Items from a dataset
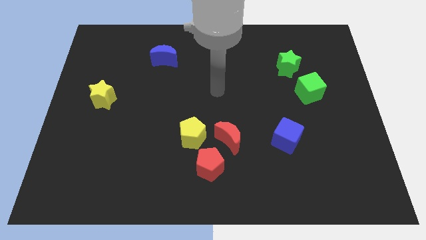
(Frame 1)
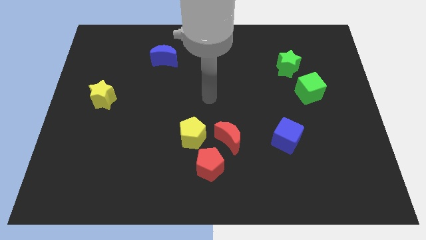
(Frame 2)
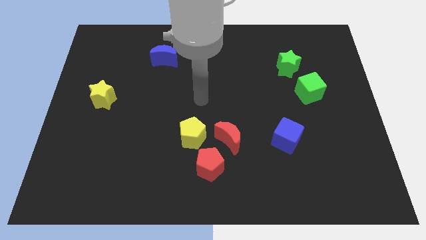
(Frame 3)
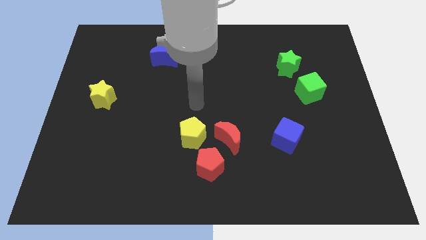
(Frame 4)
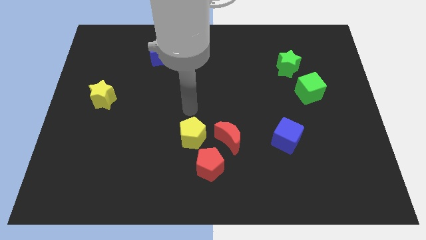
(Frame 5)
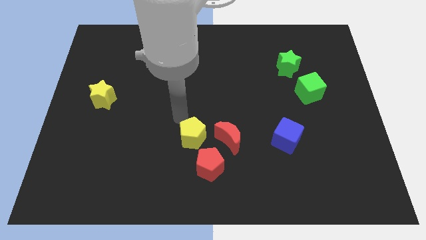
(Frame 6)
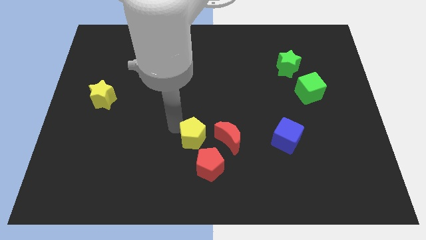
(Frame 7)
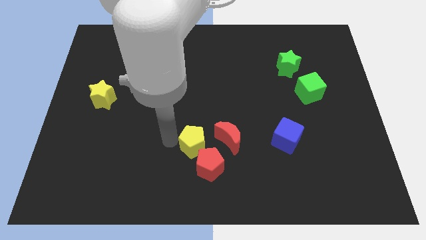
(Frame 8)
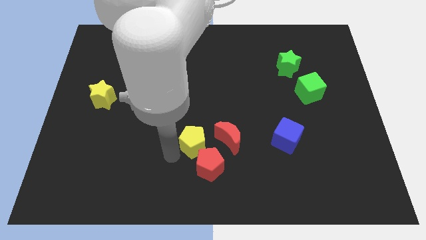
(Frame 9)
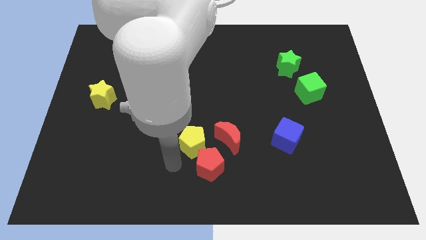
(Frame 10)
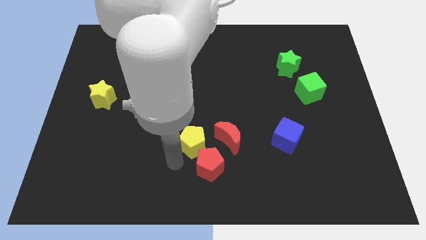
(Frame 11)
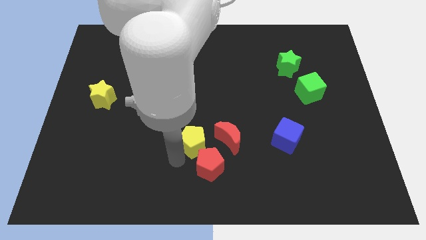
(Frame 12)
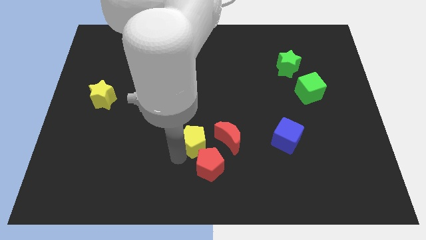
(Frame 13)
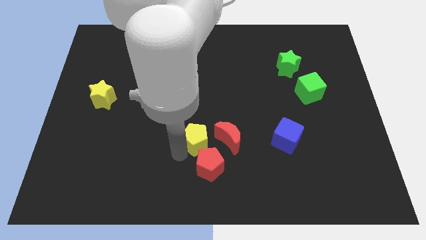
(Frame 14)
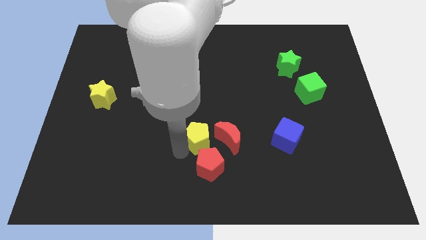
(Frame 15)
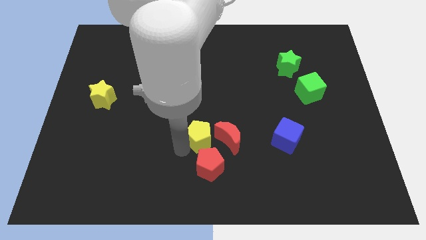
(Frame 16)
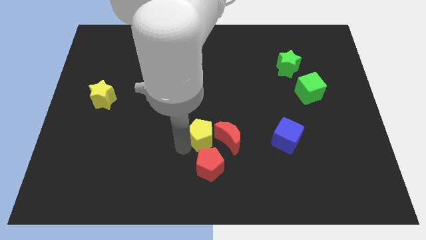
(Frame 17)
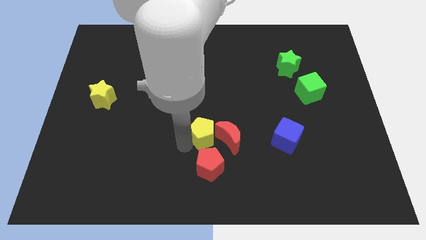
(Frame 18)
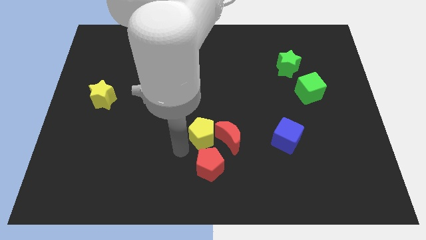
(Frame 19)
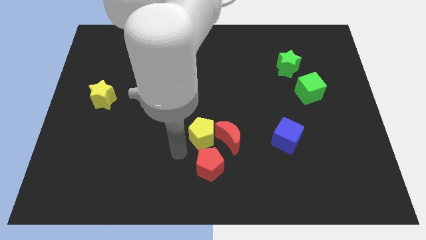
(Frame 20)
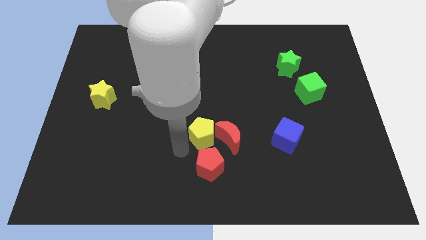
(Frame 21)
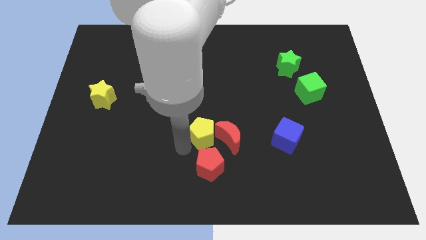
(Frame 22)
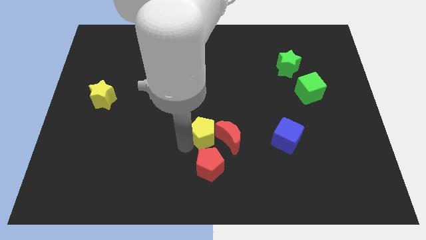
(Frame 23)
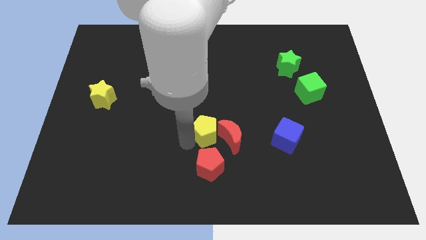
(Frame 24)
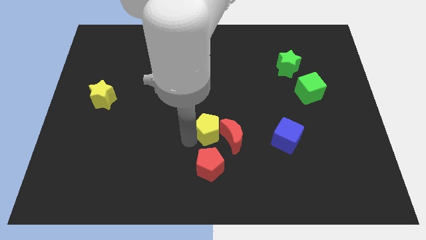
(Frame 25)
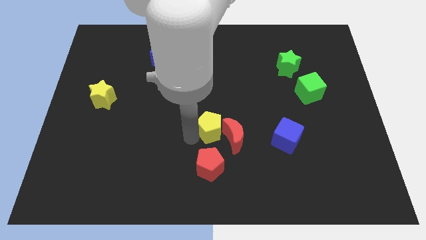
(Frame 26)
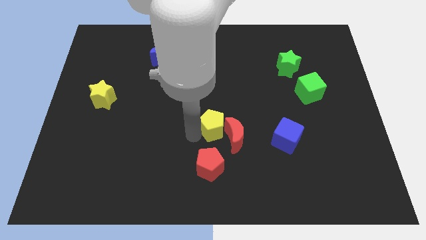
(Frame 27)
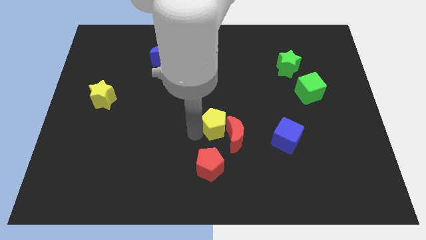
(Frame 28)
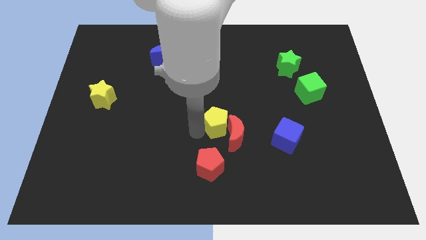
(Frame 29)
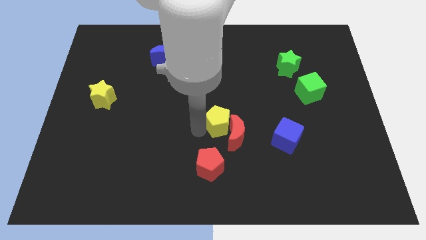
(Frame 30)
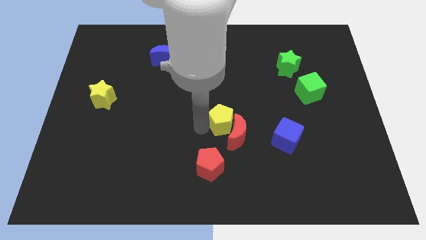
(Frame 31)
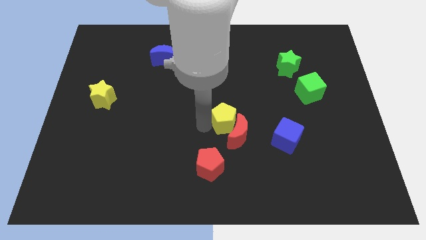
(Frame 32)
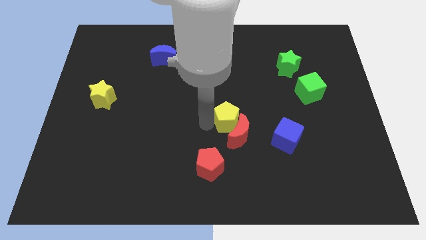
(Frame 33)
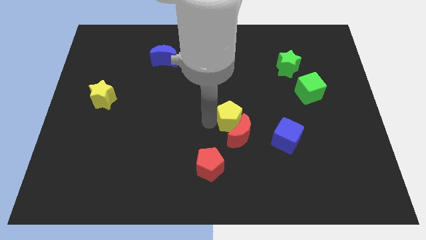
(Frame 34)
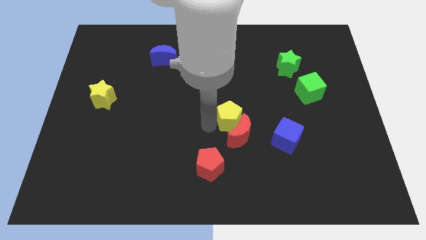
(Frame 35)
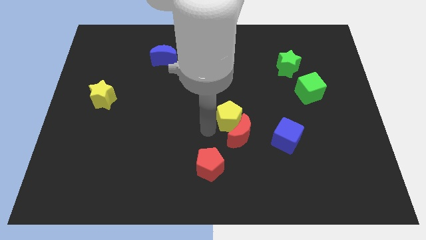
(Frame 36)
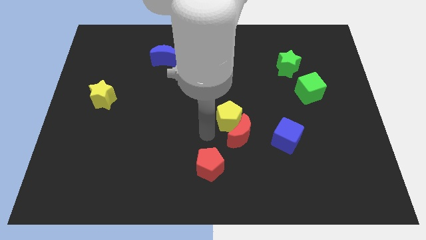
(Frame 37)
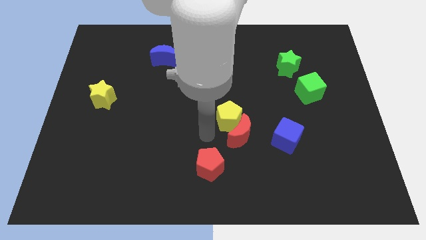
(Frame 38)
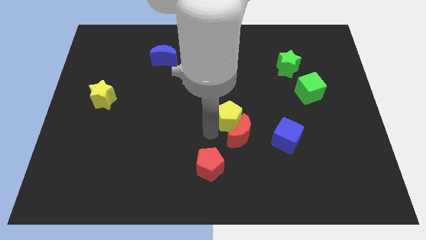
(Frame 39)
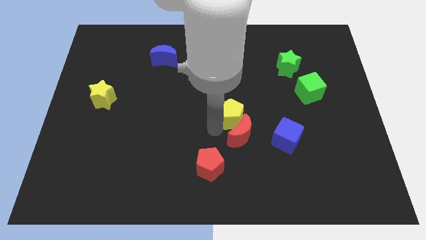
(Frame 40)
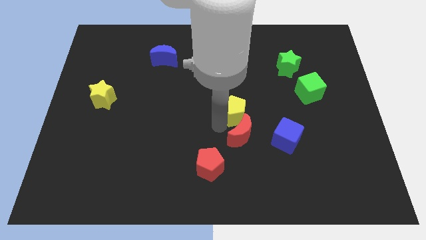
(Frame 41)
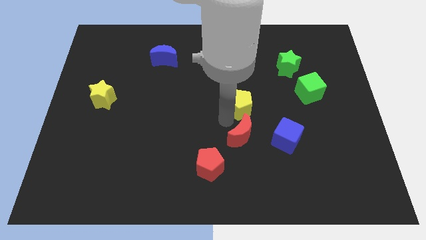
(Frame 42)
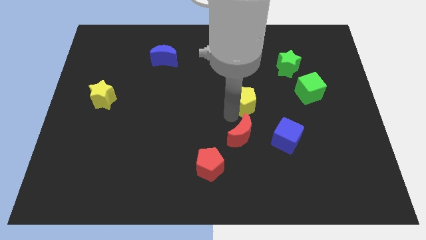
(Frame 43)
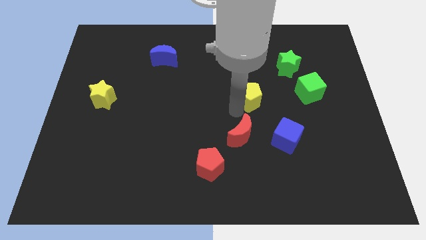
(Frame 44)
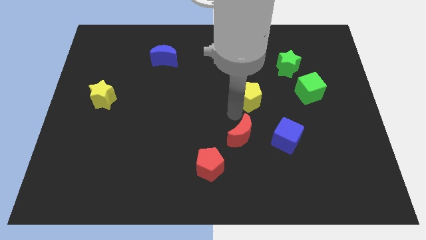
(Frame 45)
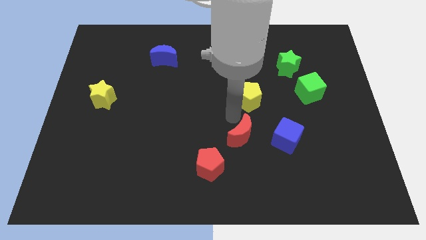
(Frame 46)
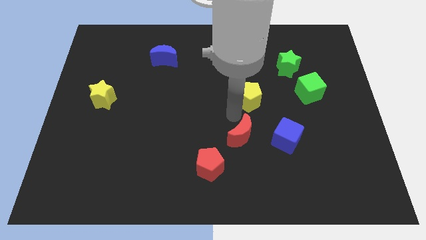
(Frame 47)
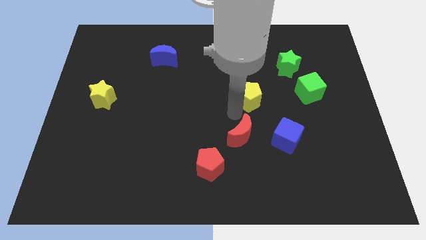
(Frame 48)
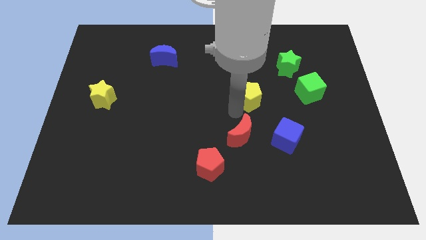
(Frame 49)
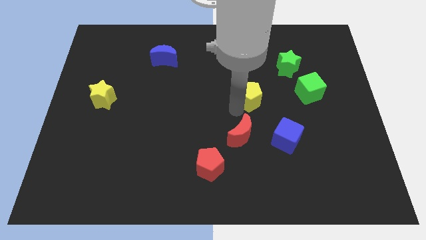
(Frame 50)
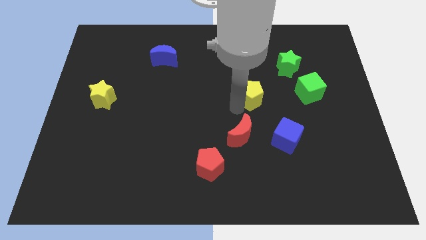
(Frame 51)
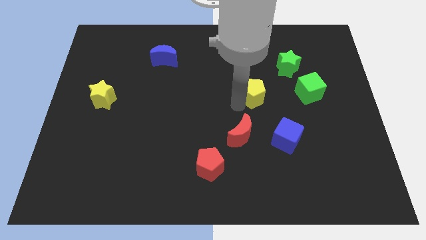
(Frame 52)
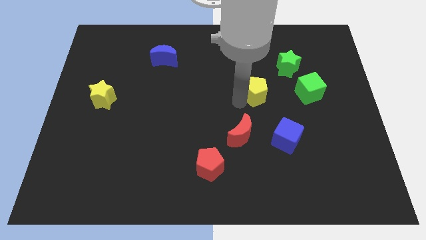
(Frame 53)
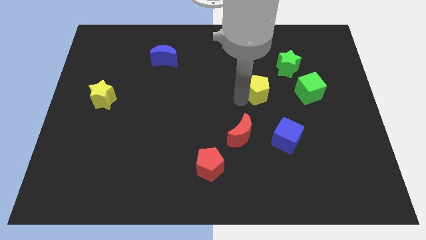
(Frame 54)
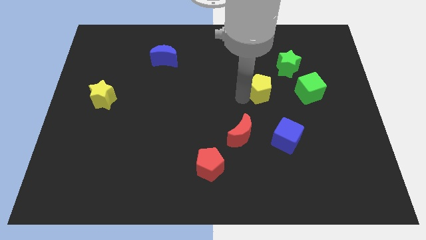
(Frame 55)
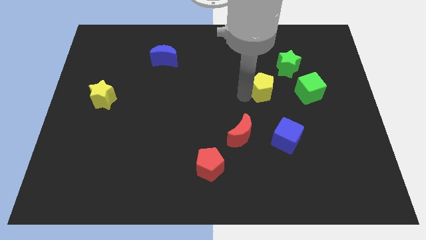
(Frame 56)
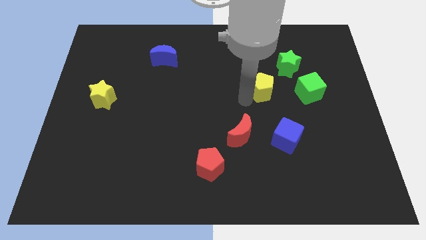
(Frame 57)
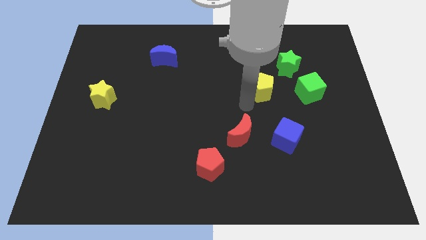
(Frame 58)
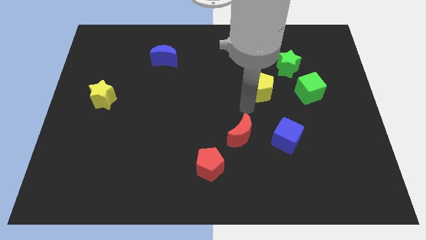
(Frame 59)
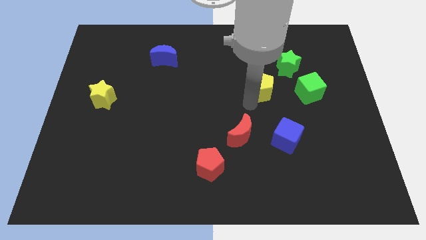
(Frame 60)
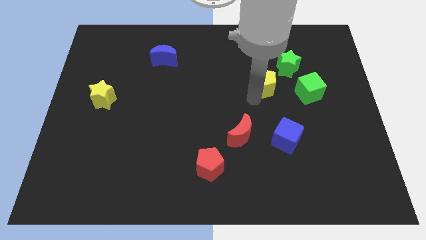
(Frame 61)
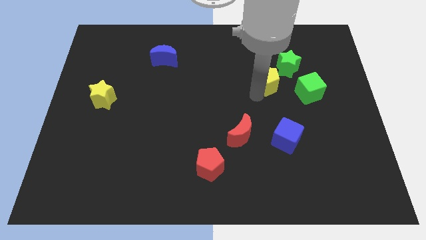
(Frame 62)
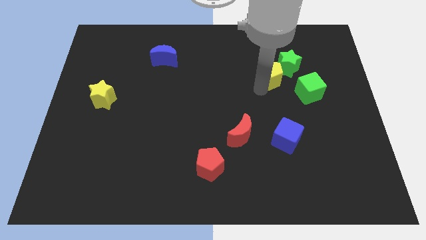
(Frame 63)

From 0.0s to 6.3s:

**REQUIRED WORK:** Each record should be written out again exactly, though without its pictures.

**ANSWER AREA:**
(Frame 1)
(Frame 2)
(Frame 3)
(Frame 4)
(Frame 5)
(Frame 6)
(Frame 7)
(Frame 8)
(Frame 9)
(Frame 10)
(Frame 11)
(Frame 12)
(Frame 13)
(Frame 14)
(Frame 15)
(Frame 16)
(Frame 17)
(Frame 18)
(Frame 19)
(Frame 20)
(Frame 21)
(Frame 22)
(Frame 23)
(Frame 24)
(Frame 25)
(Frame 26)
(Frame 27)
(Frame 28)
(Frame 29)
(Frame 30)
(Frame 31)
(Frame 32)
(Frame 33)
(Frame 34)
(Frame 35)
(Frame 36)
(Frame 37)
(Frame 38)
(Frame 39)
(Frame 40)
(Frame 41)
(Frame 42)
(Frame 43)
(Frame 44)
(Frame 45)
(Frame 46)
(Frame 47)
(Frame 48)
(Frame 49)
(Frame 50)
(Frame 51)
(Frame 52)
(Frame 53)
(Frame 54)
(Frame 55)
(Frame 56)
(Frame 57)
(Frame 58)
(Frame 59)
(Frame 60)
(Frame 61)
(Frame 62)
(Frame 63)

From 0.0s to 6.3s:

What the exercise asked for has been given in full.